Latest News

Jeff Bezos to Ride on Blue Origin’s First Human Space Flight Next Month

By Jeffrey Hill | June 7, 2021
      The Blue Origin team celebrates with founder Jeff Bezos at the site of the New Shepard rocket booster landing.

      The Blue Origin team celebrates with founder Jeff Bezos at the site of the New Shepard rocket booster landing. Photo: Blue Origin

      If all goes according to plan, Jeff Bezos will be the first of the so-called “space billionaires” to actually ride on his own rocket to space. The Blue Origin founder and owner announced Monday that he will ride as a passenger on the company’s first crewed New Shepard rocket launch, currently scheduled for July 20. The world’s richest person (at the time of this reporting) and founder of Amazon will join the winner of an open auction and his brother, Mark Bezos, on the flight.

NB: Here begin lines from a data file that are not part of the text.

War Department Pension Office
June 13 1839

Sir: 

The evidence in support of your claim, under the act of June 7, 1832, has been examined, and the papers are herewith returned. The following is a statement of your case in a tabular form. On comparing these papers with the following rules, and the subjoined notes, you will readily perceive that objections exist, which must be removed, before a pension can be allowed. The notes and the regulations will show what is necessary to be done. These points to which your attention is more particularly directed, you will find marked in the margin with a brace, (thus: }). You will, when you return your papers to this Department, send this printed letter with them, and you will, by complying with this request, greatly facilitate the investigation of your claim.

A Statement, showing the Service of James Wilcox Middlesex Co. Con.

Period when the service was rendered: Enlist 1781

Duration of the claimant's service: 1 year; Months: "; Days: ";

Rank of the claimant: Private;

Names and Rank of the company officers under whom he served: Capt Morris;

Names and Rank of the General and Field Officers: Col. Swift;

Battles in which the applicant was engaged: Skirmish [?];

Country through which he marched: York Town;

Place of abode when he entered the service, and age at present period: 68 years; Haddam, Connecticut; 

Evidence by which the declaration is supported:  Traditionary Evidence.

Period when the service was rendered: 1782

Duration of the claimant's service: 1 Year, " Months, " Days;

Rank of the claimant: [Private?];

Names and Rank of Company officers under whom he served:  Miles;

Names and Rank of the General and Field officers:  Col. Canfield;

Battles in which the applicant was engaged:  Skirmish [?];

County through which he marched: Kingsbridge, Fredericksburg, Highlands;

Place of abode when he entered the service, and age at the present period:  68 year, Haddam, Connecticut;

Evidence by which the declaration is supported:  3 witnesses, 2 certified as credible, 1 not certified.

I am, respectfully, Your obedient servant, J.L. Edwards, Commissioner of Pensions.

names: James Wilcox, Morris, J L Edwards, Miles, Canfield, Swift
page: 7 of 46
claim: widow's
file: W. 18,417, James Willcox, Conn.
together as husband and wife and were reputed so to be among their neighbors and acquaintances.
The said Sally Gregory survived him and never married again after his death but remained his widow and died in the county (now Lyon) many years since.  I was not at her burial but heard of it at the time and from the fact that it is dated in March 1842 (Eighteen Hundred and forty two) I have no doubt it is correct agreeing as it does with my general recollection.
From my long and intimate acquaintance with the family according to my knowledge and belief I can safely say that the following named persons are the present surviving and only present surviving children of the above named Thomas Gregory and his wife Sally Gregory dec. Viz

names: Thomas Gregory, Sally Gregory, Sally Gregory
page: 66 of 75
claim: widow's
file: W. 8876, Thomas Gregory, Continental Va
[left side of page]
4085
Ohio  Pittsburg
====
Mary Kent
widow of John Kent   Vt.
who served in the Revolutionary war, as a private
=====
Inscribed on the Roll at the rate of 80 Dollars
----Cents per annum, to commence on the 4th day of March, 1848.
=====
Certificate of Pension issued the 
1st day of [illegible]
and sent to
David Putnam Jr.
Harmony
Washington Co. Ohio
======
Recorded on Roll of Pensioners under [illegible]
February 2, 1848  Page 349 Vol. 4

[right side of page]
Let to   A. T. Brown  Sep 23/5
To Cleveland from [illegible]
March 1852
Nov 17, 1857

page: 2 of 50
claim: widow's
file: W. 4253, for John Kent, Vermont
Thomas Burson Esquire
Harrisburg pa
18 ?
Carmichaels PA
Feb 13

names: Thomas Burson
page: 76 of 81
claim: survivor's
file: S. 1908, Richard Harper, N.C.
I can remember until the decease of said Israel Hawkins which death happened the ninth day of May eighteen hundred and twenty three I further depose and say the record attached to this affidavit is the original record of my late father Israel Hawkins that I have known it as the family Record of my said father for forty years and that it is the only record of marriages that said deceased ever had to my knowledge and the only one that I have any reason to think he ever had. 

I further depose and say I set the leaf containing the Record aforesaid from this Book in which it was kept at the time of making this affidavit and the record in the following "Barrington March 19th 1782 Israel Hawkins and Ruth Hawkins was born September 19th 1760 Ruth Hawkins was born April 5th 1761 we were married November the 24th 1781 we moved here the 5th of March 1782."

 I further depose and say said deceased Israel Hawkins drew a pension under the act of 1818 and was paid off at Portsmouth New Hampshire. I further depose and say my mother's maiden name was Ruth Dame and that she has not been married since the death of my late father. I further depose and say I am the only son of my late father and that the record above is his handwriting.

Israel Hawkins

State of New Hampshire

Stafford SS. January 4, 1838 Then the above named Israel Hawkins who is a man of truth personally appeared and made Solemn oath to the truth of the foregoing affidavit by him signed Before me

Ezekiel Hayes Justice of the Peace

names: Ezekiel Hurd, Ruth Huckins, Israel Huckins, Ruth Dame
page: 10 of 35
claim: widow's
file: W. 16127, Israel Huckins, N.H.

      The auction for a seat on Blue Origin’s first human space flight is currently underway, nearing $3 million with approximately 6,000 participants from 143 countries. Sealed online bidding took place in May and live bidding will conclude with an online auction on June 12. Blue Origin said that anyone interested in bidding in the live auction must register on the company’s website by June 10.

      Blue Origin said the winning bid amount will be donated to Blue Origin’s foundation, Club for the Future, which Bezos revealed at SATELLITE 2019 as a “mission is to inspire future generations to pursue careers in STEM and to help invent the future of life in space.”

      Bezos is volunteering to be a passenger on the New Shepard rocket at a relatively early stage in its development. The company just recently conducted the New Shepard rocket and crew capsule’s verification launch in April. Virgin’s Richard Branson has expressed a desire to ride on Virgin Galactic‘s SpaceShip Two space tourism vehicle, but has yet to set a definite date. SpaceX‘s Elon Musk has also said he would eventually like to go to space, but hasn’t committed to a specific launch.

      This past February, Bezos made a surprise announcement that he was stepping down as CEO of Amazon — a role he has held since founding the company in 1993. Bezos stated that he wished to spend more time focusing on Blue Origin after he leaves Amazon in the hands of new CEO Andy Jassy, the current lead executive of Amazon Web Services, in the third quarter of this year.